El odio funcional al pangermanismo, al Lebensraum.

Dieter Müller, personaje central de "La sombra de Heidegger", la reciente novela de Feinmann sobre el nazismo, le cuenta a su hijo la evolución del miedo y del odio.

"Un régimen que une a un pueblo y a un Führer necesita, para unirse, algo o alguien a quien odiar. Necesita un otro demoníaco. El otro demoníaco del nacionalsocialismo (tan complejo al inicio: el Tratado de Versalles, los traidores socialdemócratas, los bolcheviques, la Rusia revolucionaria, el cosmopolitismo decadente de Weimar, las finanzas, los mercaderes judíos que se devoraban el país), el otro demoníaco, decía, se fue simplificando hasta expresarse en una cifra única y monstruosa: el otro demoníaco es el judío".

Para dar cuenta de ese odio, para dar cuenta del dolor, para mencionar el horror, nos encontramos también con los límites del lenguaje.

Como afirma Primo Levi en Si esto es un hombre, decir "frío", "hambre", "sueño", "invierno", "miedo", "dolor", no se corresponde con la sensación que podemos tener cuando faltaba comida o con la manera de tener frío en el Campo de Concentración.

"Son palabras que han sido creadas por y para hombres libres que viven en su casa", dice Levi. "El horror debería tener su propio lenguaje, porque el material que disponemos viene de afuera de los campos y no nos alcanza".

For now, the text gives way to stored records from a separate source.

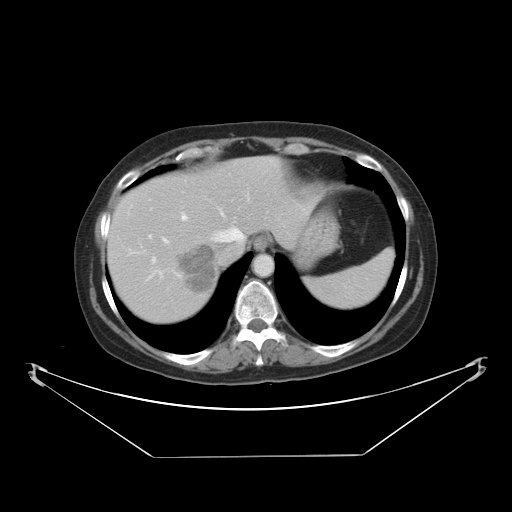

CT
The vessel boxes may cover only some of the vessels.
- liver tumor: box(176, 244, 215, 294)
- hepatic vessel: box(149, 235, 151, 237); box(182, 214, 186, 219); box(152, 258, 155, 262); box(160, 272, 161, 275); box(216, 229, 242, 241); box(163, 238, 167, 241); box(148, 275, 151, 278)
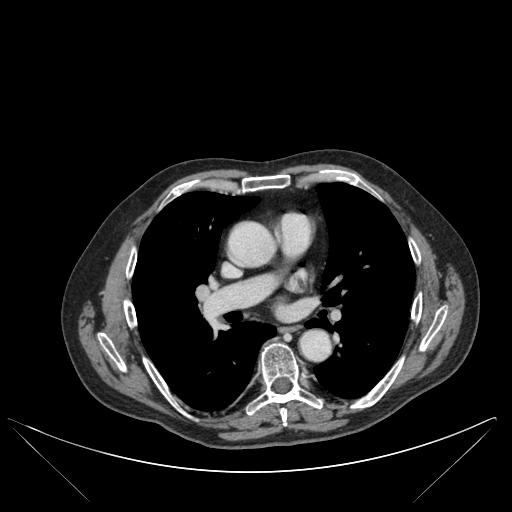 Chest, CT scan slice

Bone at bbox(143, 358, 177, 406); bbox(409, 240, 420, 262); bbox(420, 307, 446, 350); bbox(351, 358, 403, 407); bbox(336, 170, 365, 187); bbox(98, 333, 126, 371); bbox(242, 175, 289, 191); bbox(126, 248, 136, 276); bbox(124, 300, 136, 326); bbox(411, 293, 421, 321); bbox(247, 343, 322, 424).
Lung at bbox(132, 191, 275, 410); bbox(305, 182, 414, 398).
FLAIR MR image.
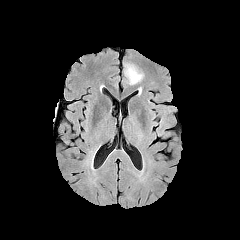
T1-weighted MR.
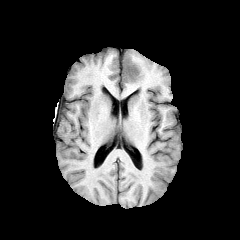
Post-contrast T1-weighted MR.
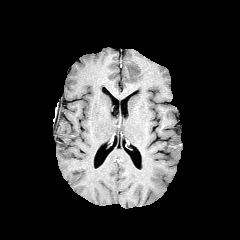
T2-weighted MR image.
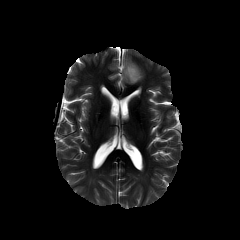
Head
<segmentation>
  <edema>left=123, top=61, right=143, bottom=84</edema>
</segmentation>
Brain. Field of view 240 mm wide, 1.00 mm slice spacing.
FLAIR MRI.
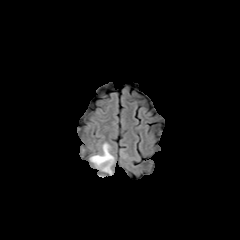
T1-weighted magnetic resonance.
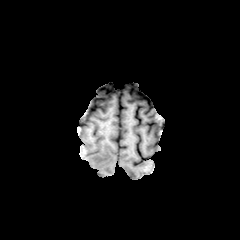
Post-contrast T1-weighted MR.
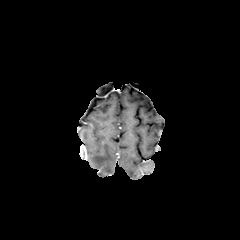
T2-weighted MRI.
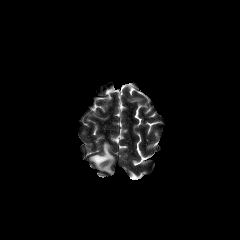
The edema is located at {"x1": 89, "y1": 142, "x2": 114, "y2": 175}.
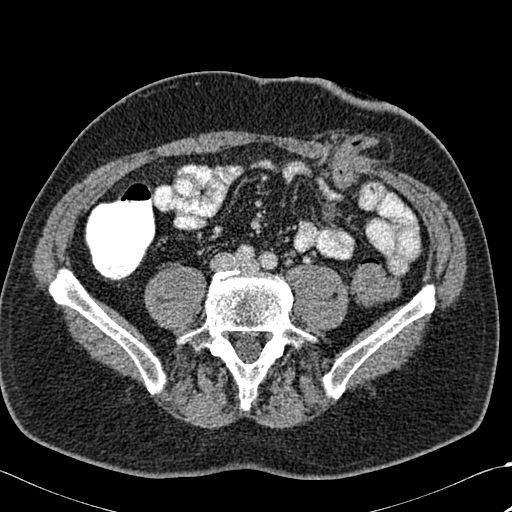

CT slice. Segmented structures:
* bone: {"x1": 177, "y1": 269, "x2": 312, "y2": 409}, {"x1": 49, "y1": 269, "x2": 165, "y2": 393}, {"x1": 323, "y1": 285, "x2": 435, "y2": 398}
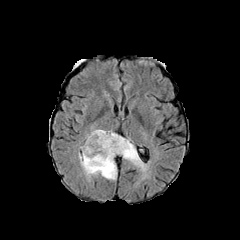
FLAIR MR image.
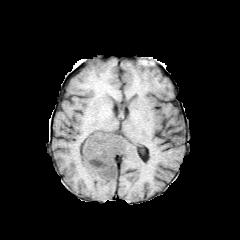
Same slice, T1-weighted MRI.
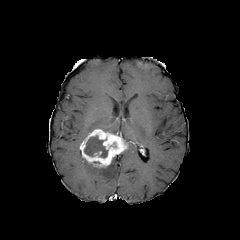
Same slice, post-contrast T1-weighted MRI.
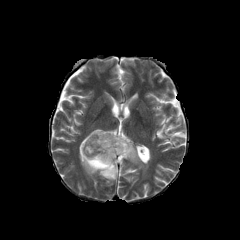
T2-weighted MR of the same slice.
Brain
{
  "non-enhancing_tumor_core": [
    "bbox(85, 136, 107, 157)"
  ],
  "enhancing_tumor": [
    "bbox(79, 129, 132, 168)"
  ],
  "edema": [
    "bbox(78, 152, 117, 180)",
    "bbox(120, 143, 147, 171)"
  ]
}
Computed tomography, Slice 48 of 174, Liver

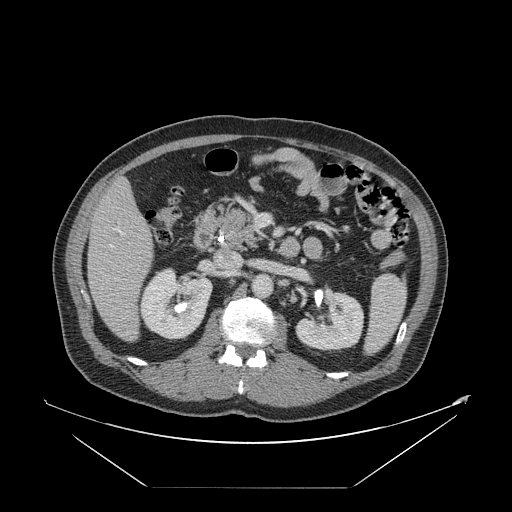
Not every hepatic vessel necessarily has a box.
hepatic_vessel:
  - left=110, top=245, right=112, bottom=246
  - left=112, top=228, right=122, bottom=234
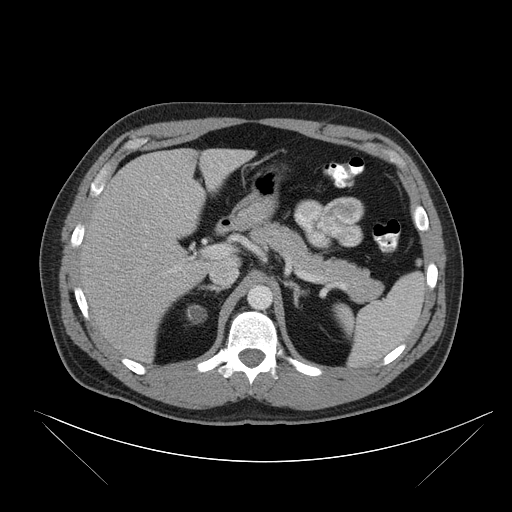 CT scan slice.

Spleen = <bbox>335, 274, 424, 365</bbox>.
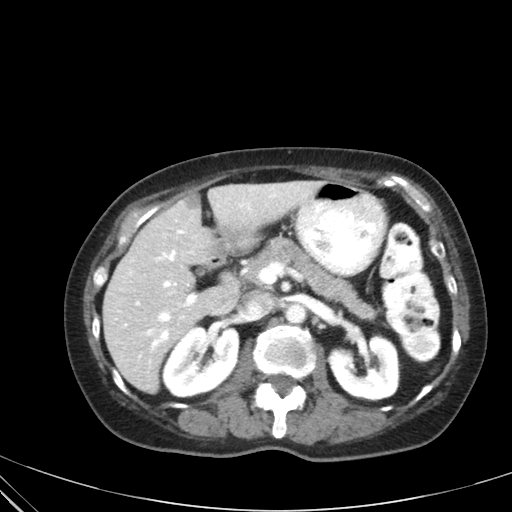

Computed tomography
pancreas:
  - left=241, top=237, right=376, bottom=321
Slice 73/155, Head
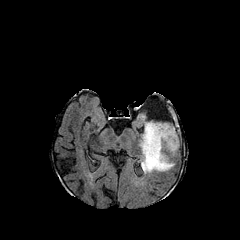
FLAIR MRI.
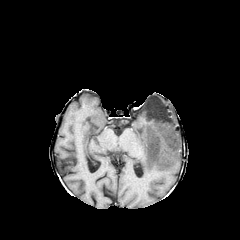
T1-weighted magnetic resonance.
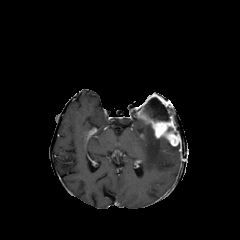
Same slice, post-contrast T1-weighted MRI.
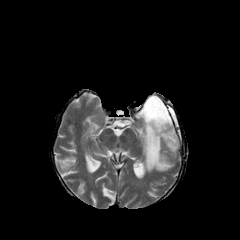
T2-weighted MR of the same slice.
Findings:
• enhancing tumor: 139,111,179,146
• non-enhancing tumor core: 156,134,181,149; 143,94,173,121
• edema: 133,120,179,173
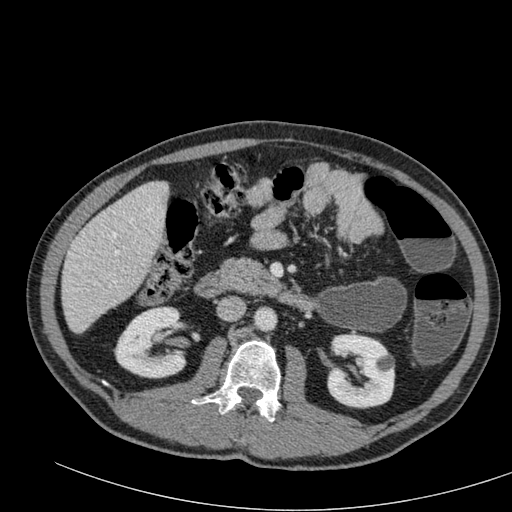

Upper abdomen | CT image
Liver at l=62, t=182, r=168, b=332.
Kidney at l=116, t=307, r=184, b=377; l=328, t=335, r=394, b=406.
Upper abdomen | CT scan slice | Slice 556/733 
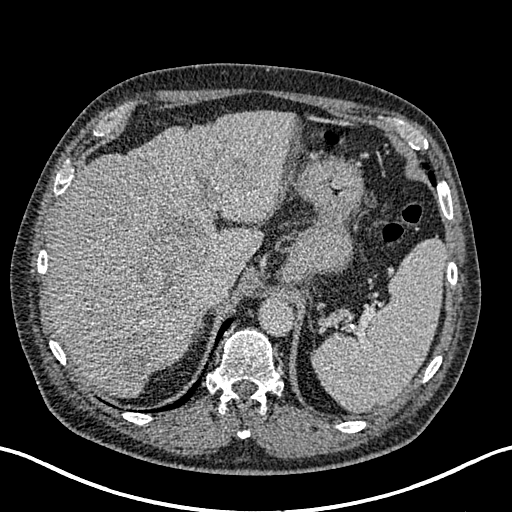

Annotated regions:
• liver: x1=48, y1=111, x2=297, y2=397
• liver lesion: x1=197, y1=184, x2=216, y2=202; x1=131, y1=215, x2=210, y2=311; x1=225, y1=150, x2=263, y2=187; x1=119, y1=333, x2=162, y2=381
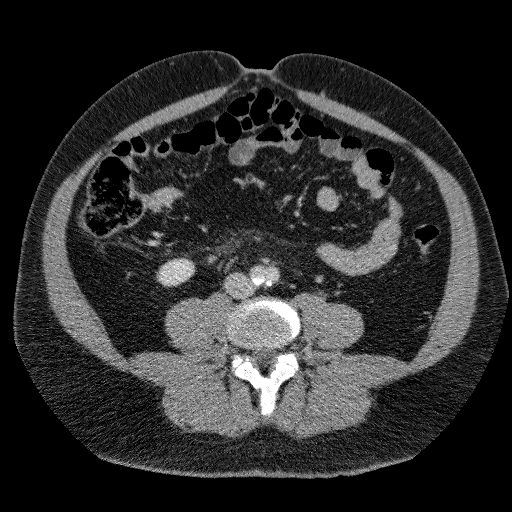 Abdomen. CT scan slice.
<segmentation>
  <kidney>[161,260,193,283]</kidney>
</segmentation>
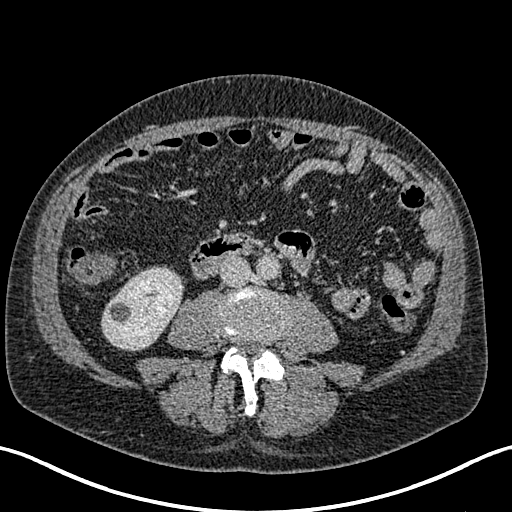 CT scan slice, 512x512, Abdomen

Segmented structures:
• kidney: box(102, 268, 181, 349)
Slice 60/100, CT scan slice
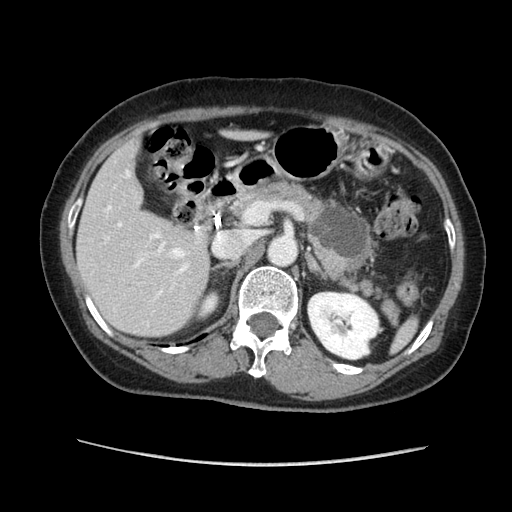
The pancreas is located at bbox=[228, 179, 400, 326]. The pancreatic tumor is located at bbox=[311, 204, 367, 259].
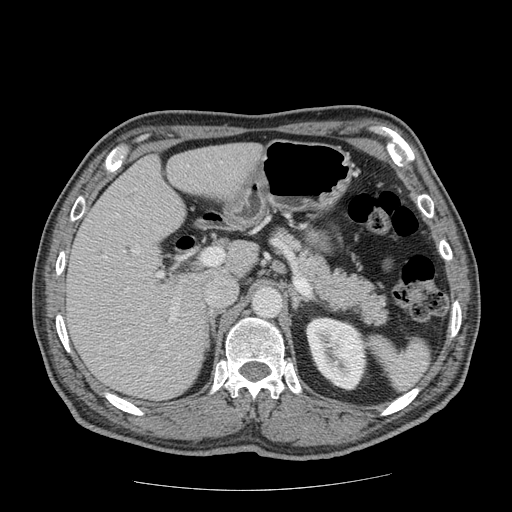
CT image
pancreas: (x1=270, y1=223, x2=390, y2=328)
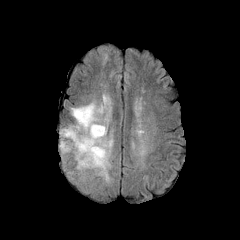
FLAIR MRI.
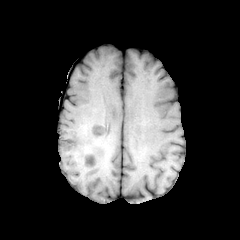
T1-weighted MR image.
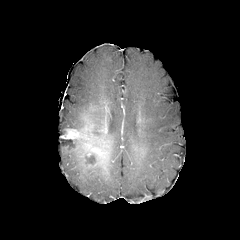
Same slice, post-contrast T1-weighted MRI.
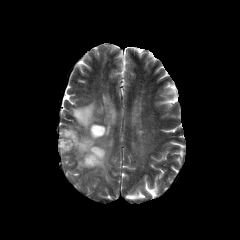
T2-weighted MRI of the same slice.
Brain | 240x240 px
non-enhancing tumor core: left=61, top=128, right=71, bottom=139; left=69, top=116, right=109, bottom=168; left=98, top=117, right=107, bottom=133 | edema: left=59, top=88, right=113, bottom=181 | enhancing tumor: left=64, top=130, right=77, bottom=139
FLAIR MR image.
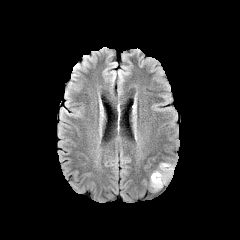
T1-weighted magnetic resonance.
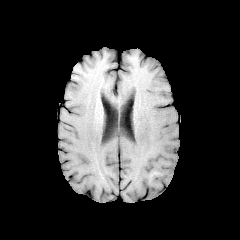
Post-contrast T1-weighted magnetic resonance.
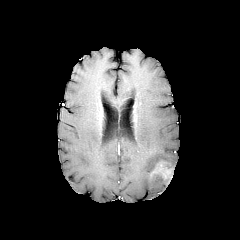
T2-weighted MR.
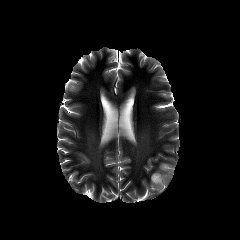
240x240 px
The edema is bounded by {"x1": 150, "y1": 163, "x2": 174, "y2": 191}.
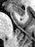
Medial temporal lobe, Magnetic resonance
anterior_hippocampus:
  - 8, 5, 25, 16
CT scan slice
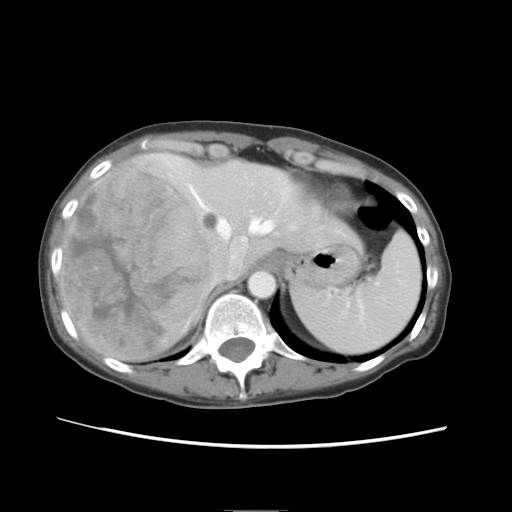

Not every hepatic vessel necessarily has a box.
Segmented structures:
- hepatic vessel: x1=250 y1=219 x2=271 y2=232, x1=190 y1=186 x2=205 y2=207, x1=231 y1=236 x2=245 y2=278, x1=218 y1=220 x2=229 y2=237
- liver tumor: x1=60 y1=164 x2=215 y2=358
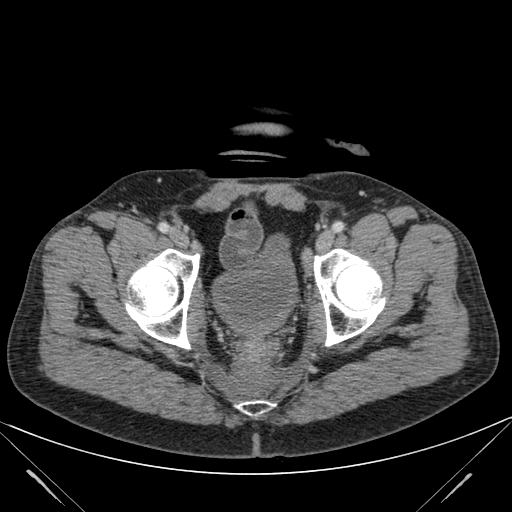

CT
<segmentation>
  <urinary_bladder>(x1=212, y1=251, x2=298, y2=338)</urinary_bladder>
</segmentation>
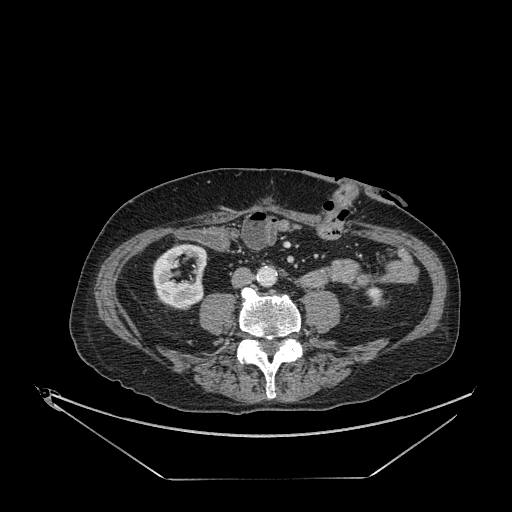
CT slice. Image size 512x512. Abdomen.

- kidney: 367:287:381:304, 153:245:206:307

Etty Hillesum, la holandesa concentrada en Westerbork, el campamento de paso hacia los Campos de Exterminio de Alemania y Polonia, escribe a su padre Han: "solamente un breve saludo. Escribir desde aquí es imposible, no por falta de tiempo, sino por exceso de estremecimientos".

Por eso citamos las palabras de Paul Celán, escritor rumano quien perdió a sus padres en un Campo de Concentración y padeció trabajos forzados, quien refiere al hambre de los campos así:

"Leche negra del alba la bebemos de tarde.
La bebemos al medio día y de mañana la bebemos de noche.
Bebemos y bebemos.
Cavamos una tumba en los aires: allí no hay estrechez".
¿Se puede escribir poesía después de Auschwitz? Se lo preguntó la filosofía de posguerra.

Nosotros, hoy, ayudados por la belleza, vamos en busca de la memoria.

Construimos la memoria, arduamente, laboriosamente. Porque tener memoria implica cierta terquedad, requiere cierta obstinación, cierta obsesión, cierto arrojo, cierta -vaya palabra- incertidumbre.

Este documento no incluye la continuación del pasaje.